The patient's neurologic status and T-cell counts remained unchanged despite a decline in CMV copy number after the initial U-DLI, which was given on day +112 (Figure 2). She was 100% donor T-cell chimera before DLI. Following the third U-DLI, she developed localized chronic skin and ocular GVHD, which responded to topical treatments. This was associated with temporary increase in peripheral blood CD4/CD8 counts. After the fourth U-DLI, given at higher doses, her CD4/CD8 counts further increased and remained high afterward. This was clearly associated with decrease in her CMV viral load by PCR (Figure 2) and CMV antigenemia. No steroid therapy was given during any of the DLIs. Antiviral therapy was discontinued because of lack of clinical efficacy. Her neurologic recovery, however, lagged behind viral clearance following U-DLIs. She developed biopsy-proven grade 2 skin GVHD after the last (fifth) high-dose DLI, which responded to a short course of a systemic steroid. Most recently, her CMV was undetectable or positive at very low titer with relatively high peripheral T-cell counts. Her neurologic condition improved in parallel with resolution of MRI lesions (Figure 1B). A follow-up CSF sample examination on day +357 was negative for CMV by PCR.

Our observation of using previously collected and stored U-DLIs in 2 allogeneic HCT recipients, one with drug-resistant CMV encephalitis reported here and the other case with refractory aspergillus pneumonia⁷  suggests that sequential administration of escalating doses of U-DLI may have therapeutic value in treating opportunistic infections in allograft recipients. Without a comparative trial, it is difficult to determine whether ex vivo T-cell cloning and expansion is essential to induce CMV-specific immune responses in vivo. CMV-specific cytotoxic memory T cells that are present in donor lymphocyte product may be restimulated and expand after antigenic exposure in vivo. There is ample evidence to suggest that CMV reactivation is controlled by CMV-TCs.^8,9  However, recent studies also suggest that natural killer cells play a role in protecting against CMV^10,11  and U-DLI product could provide such additional cellular elements.

The patient's CD4 and CD8 counts remained severely suppressed despite discontinuation of immunosuppressive therapy. Prolonged immune-suppression has been partly attributed to the interactions between CMV and T-cell functions such as cytokine production and adhesion molecule expression.¹²  The CMV load dropped significantly after the fourth U-DLI. The initial antiviral effect was transient possibly because of the cell dose and the long interval between the first and second infusions. The last 2 infusions were given in closer proximity and contained relatively high CD3⁺ T-cell doses (1.5 × 10⁸ CD3⁺ cells/kg). Significant increases in CD4/CD8 T-cell levels were demonstrated after each infusion.

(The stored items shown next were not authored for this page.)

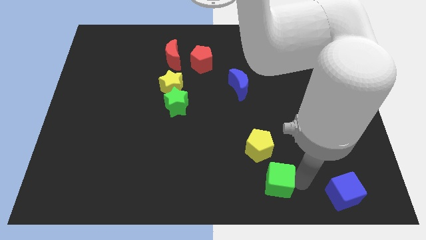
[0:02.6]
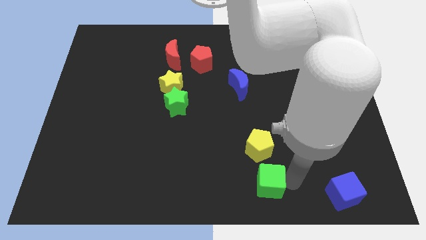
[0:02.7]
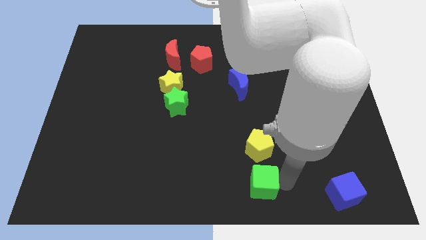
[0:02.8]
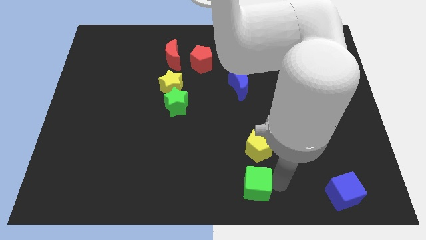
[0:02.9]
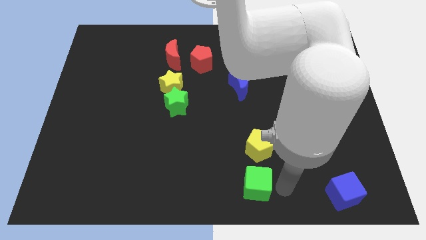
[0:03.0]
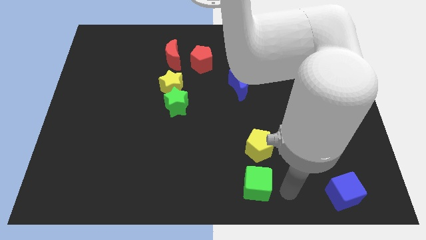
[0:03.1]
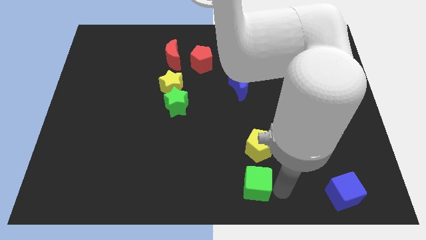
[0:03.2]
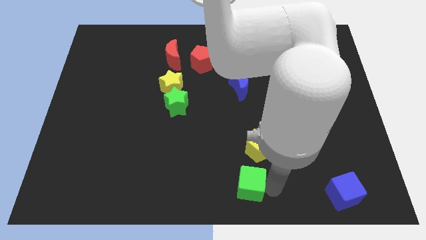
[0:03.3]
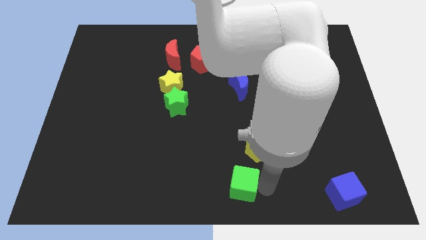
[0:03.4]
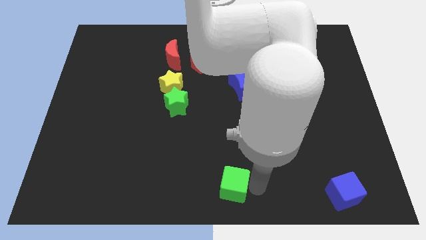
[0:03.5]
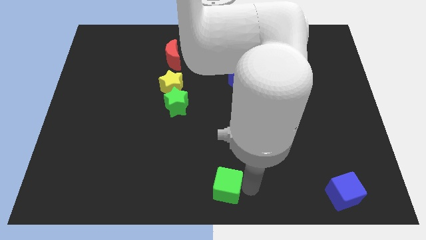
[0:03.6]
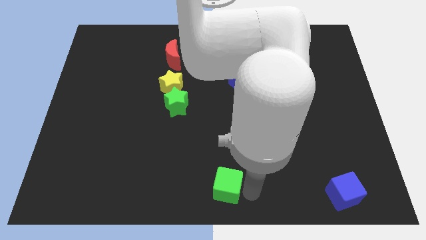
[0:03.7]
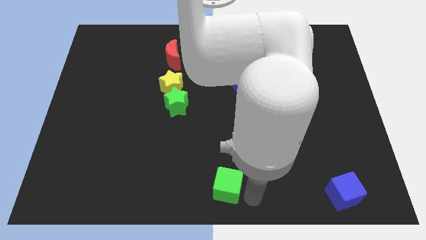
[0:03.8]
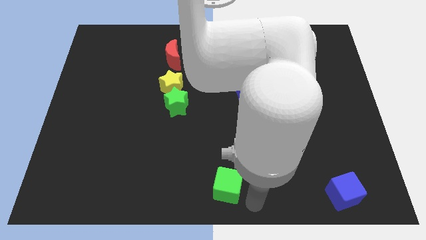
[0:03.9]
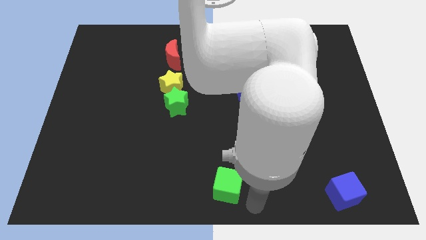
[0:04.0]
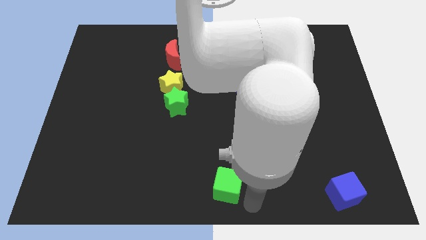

Lymphocyte infusion may also be a considered to prevent CMV and perhaps other opportunistic infections in such high-risk patients by targeting predetermined CD4/CD8 counts. However, there is a potential risk of GVHD after multiple infusions especially when given at large doses. A trial is needed to determine benefits of preemptive DLI over the risk of GVHD in this setting. High-risk patients can be selected by using the recent Seattle data.¹³  Detection of CMV viremia in the setting of severe lymphopenia (< 50 at 3 months and < 300 after 3 months) and CMV-specific T-cell immunodeficiency were strong predictors of late CMV disease (18%) and death (46%) after allogeneic HCT.¹³ 

In summary, the clinical benefit observed in our case with refractory CMV encephalitis, which is almost always a fatal condition,¹⁴  may offer clinicians a potentially effective treatment option if CMV-specific T-cell therapy is not available.